Later at a state dinner, Clinton made the same point. “The history we leave behind is painful and hard,” he said in a toast. “We must not forget it but we must not be controlled by it.”

On a hectic day, there was a quiet moment in his tour of the ancient Temple of Literature, now a park-like museum, sponsored in part by American Express.

Outside its head-high walls, Vietnamese street life blared on, a cacophony of horns and street noise, the rush of cars and bicycles. The street where Clinton’s motorcade waited had been blocked to traffic, yet crowded with people who stood eight and 10 deep on the sidewalk.

They cheered as he emerged, and he walked straight to them, to grasp hands in the style of the old vote hunter.

Smiling, then waving, he worked his way a half block, then went into Craft Link, a Vietnamese handicrafts shop. He strolled among the scarves, tapestries, purses and baskets, buying a shopping bag full but keeping his purchases to himself.

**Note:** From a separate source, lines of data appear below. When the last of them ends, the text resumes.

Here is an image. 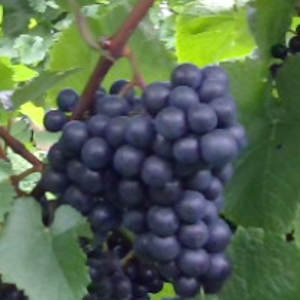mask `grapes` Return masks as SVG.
Returning a JSON list of instances; mask_svg holds the SVG:
<instances>
[{
    "label": "grapes",
    "mask_w": 300,
    "mask_h": 300,
    "mask_svg": "<svg viewBox=\"0 0 300 300\" xmlns=\"http://www.w3.org/2000/svg\"><path fill=\"white\" fill-rule=\"evenodd\" d=\"M229 89L224 68L183 63L168 82L116 80L109 95L99 87L74 121L64 113L80 96L64 88L60 110L43 117L46 131L63 132L44 184L94 228L124 220L138 255L158 260L184 298L218 292L232 269V227L217 213L249 132L236 124Z\"/></svg>",
    "instance_id": "obj_1"
}]
</instances>
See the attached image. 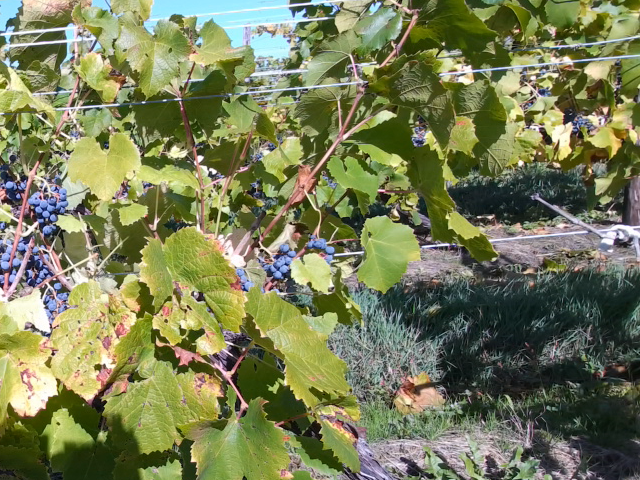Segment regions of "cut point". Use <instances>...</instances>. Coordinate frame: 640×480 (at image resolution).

He said they were Christmas gifts and he didn’t want to spoil the surprise.

Clinton then went next door, to KOTO restaurant, for lunch. The restaurant is a vocational training and guidance center for Vietnamese street youths.

Crowds lined the streets all along Clinton’s route from the Daewoo Hotel, first to the mustard-yellow presidential palace, in the park-like setting of Ba Dinh Square, just beyond the giant mausoleum memorial to Minh.

A bust of Ho was the dominant feature of the ornate reception room where President Luong welcomed Clinton. First, the two presidents stood in the morning sun on a yellow canopied, red carpeted stand while a military band sounded the national anthems of the two nations, then played on as they walked the wide stairway to the palace.

Clinton conferred privately with Luong, then the two presidents watched as U.S. ambassador Pete Peterson and Vietnamese officials signed an agreement for cooperation in science and technology, including efforts to control AIDs and other diseases. They also signed a memorandum on labor cooperation, for worker safety, dealing with the disabled, skills training and other points.

The Vietnamese told Clinton they will sign an international convention aimed at curbing child labor abuses, White House Press Secretary Jake Siewert said.

The crowds lining Clinton’s route were friendly. These were not organized turnouts. Often, a foreign government prepares for a presidential visit by distributing tiny flags for onlookers to wave. There were none here, although U.S. and Vietnamese flags flew side by side on flagpoles at each official stop.